I moved this question from my answer on this link. From Castano-Martinez and Lopez-Blazquez(2005), They explained pdf of sum of noncentral Chi-square on equation 3.2, that is:
$f(y)= \frac{e^{-\frac{y}{2\beta}}}{(2\beta)^{v/2}} \frac{y^{v/2-1}}{\Gamma(v/2)} \sum_{k\geq 0}{\frac{k! c_k}{(v/2)_k}}L_k^{v/2-1}(\frac{vy}{4\beta \mu_0}), \forall \mu_0 > 0$
They actually explain all of symbols here. But I still don't understand about what symbol $\beta$ is. I thought it was arbitrary. However, when I tried this in algorithm, the results are different significantly, depend on value of $\beta$. I also got the wrong result, and I think it has something to do with $\beta$ value.
I put additional details on it. I realized I did not put enough info in my question. Hopefully it can help:
The equation above is density function (PDF), expanded using Laguerre expansion of linear combination of non-central Chi-square RV. $v$ is the degree of freedom of each RV, actually I only need degree of freedom=1 in my case.
$L_k^{v/2-1}(\frac{vy}{4\beta \mu_0})$ is Laguerre polynomial.

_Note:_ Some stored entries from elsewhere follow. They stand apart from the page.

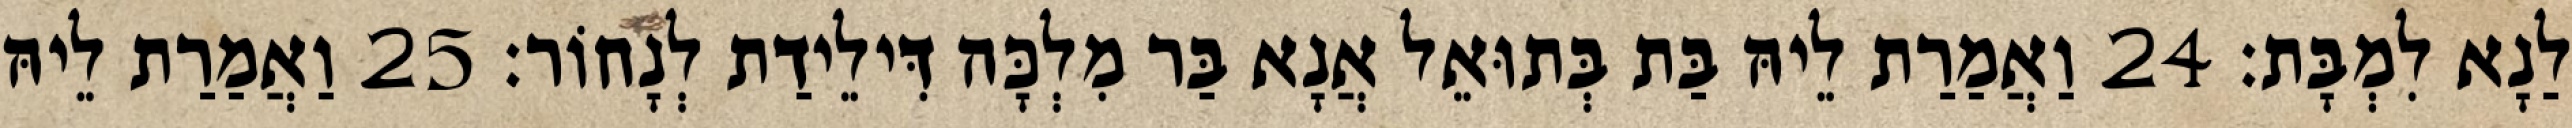
לַנָא לִמְבָּת׃ 24 וַאֲמַרַת לֵיהּ בַּת בְּתוּאֵל אֲנָא בַּר מִלְכָּה דִּילֵידַת לְנָחוֹר׃ 25 וַאֲמַרַת לֵיהּ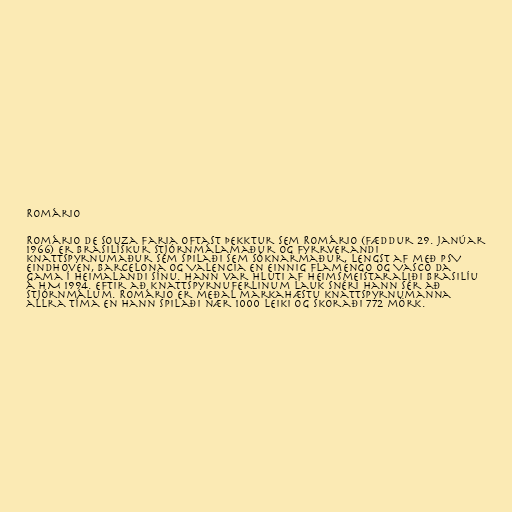
Romário

Romário de Souza Faria oftast þekktur sem Romário (fæddur 29. janúar
1966) er brasilískur stjórnmálamaður og fyrrverandi
knattspyrnumaður sem spilaði sem sóknarmaður, lengst af með PSV
Eindhoven, Barcelona og Valencia en einnig Flamengo og Vasco da
Gama í heimalandi sínu. Hann var hluti af heimsmeistaraliði Brasilíu
á HM 1994. Eftir að knattspyrnuferlinum lauk snéri hann sér að
stjórnmálum. Romário er meðal markahæstu knattspyrnumanna
allra tíma en hann spilaði nær 1000 leiki og skoraði 772 mörk.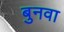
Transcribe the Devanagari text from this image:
बुनवा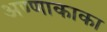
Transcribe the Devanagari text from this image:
अण्णाकाका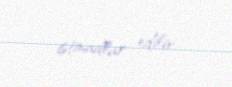
istinadlar edilir.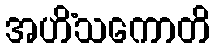
အဟိံသကောတိ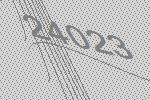
24023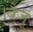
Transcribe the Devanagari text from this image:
।बैजू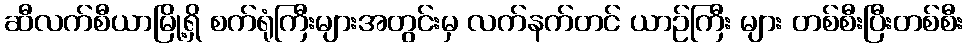
ဆီလက်စီယာမြို့ရှိ စက်ရုံကြီးများအတွင်းမှ လက်နက်တင် ယာဉ်ကြီး များ တစ်စီးပြီးတစ်စီး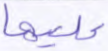
عاليها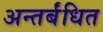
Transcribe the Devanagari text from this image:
अन्तर्बंधित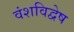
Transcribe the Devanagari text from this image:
वंशविद्वेष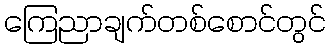
ကြေညာချက်တစ်စောင်တွင်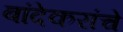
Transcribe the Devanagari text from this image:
बांदेकरांचे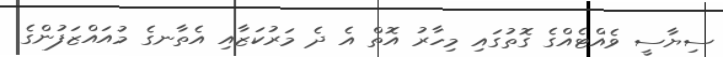
ސިޔާސީ ވެއްޓެއްގެ ގޮތުގައި މިހާރު އޮތް އެ ދެ މަރުކަޒާއި އެތާނގެ މުއައްޒަފުންގެ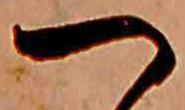
つ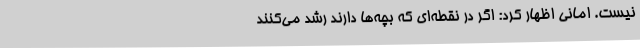
نیست. امانی اظهار کرد: اگر در نقطه‌ای که بچه‌ها دارند رشد می‌کنند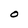
Character: O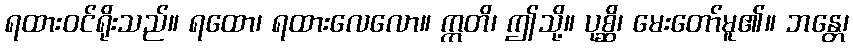
ရထားဝင်ရိုးသည်။ ရထော၊ ရထားလေလော။ ဣတိ၊ ဤသို့။ ပုစ္ဆိ၊ မေးတော်မူ၏။ ဘန္တေ၊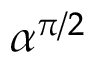
\alpha ^ { \pi / 2 }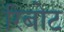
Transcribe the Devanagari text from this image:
रिबोट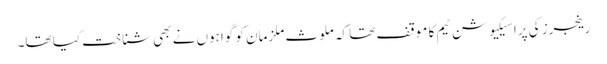
رینجرز کی پراسیکیوشن ٹیم کا موقف تھا کہ ملوث ملزمان کو گواہوں نے بھی شناخت کیا تھا۔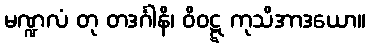
မဏ္ဍလံ တု တဒင်္ဂါနိ၊ ဝိဝဋ္ဋ ကုသိအာဒယော။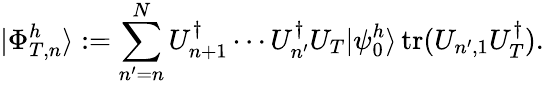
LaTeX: |\Phi_{T,n}^{h}\rangle:=\sum_{n^{\prime}=n}^{N}U_{n+1}^{\dagger}\cdots U_{n^{\prime}}^{\dagger}U_{T}|\psi_{0}^{h}\rangle\operatorname{tr}(U_{n^{\prime},1}U_{T}^{\dagger}).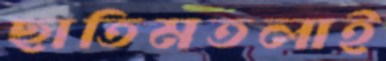
ছাতিমতলাই

The non-centrality factor and the weighting factor of linear combination are covered in $c_k$
$c_k$s can be expressed by:
$c_0 = (\frac{v}{2\mu_0})^{v/2} \exp{(-0.5*\sum_{i=1}^n{\frac{\delta_i \alpha_i (p-\mu_0)}{\beta \mu_0 + \alpha_i(p-\mu_0)})}} \prod_{i=1}^n{(1+\frac{\alpha_i}{\beta}(p/\mu_0-1))^{-v_i/2}}$
$c_k = \frac{1}{k} \sum_{j=0}^{k-1}c_j d_{k-j}, k \geq 1$
with $d_j$:
$d_j = \frac{-j \beta p}{2 \mu_0} \sum_{i=1}^n ({\delta_i \alpha_i (\beta -\alpha_i)^{j-1}(\frac{\mu_0}{(\beta \mu_0 + \alpha_i (p-\mu_0)) })^{j+1}} + \frac{v_i}{2}(\frac{1-\alpha_i/\beta}{1+(\alpha_i/\beta)(p/\mu_0-1)}))^j$
with $v_i$ degree of freedom of i-th RV, $\delta_i$ noncentrality, $\alpha_i$ weighting factor of linear combination, $v = \sum_{i=1}^{n}{v_i}$, $p=v/2$, and $\mu_0>0$ (arbitrary number, but influential in algorithm speed).
That's all I can only refer from the paper. Just let me know should you demand more information.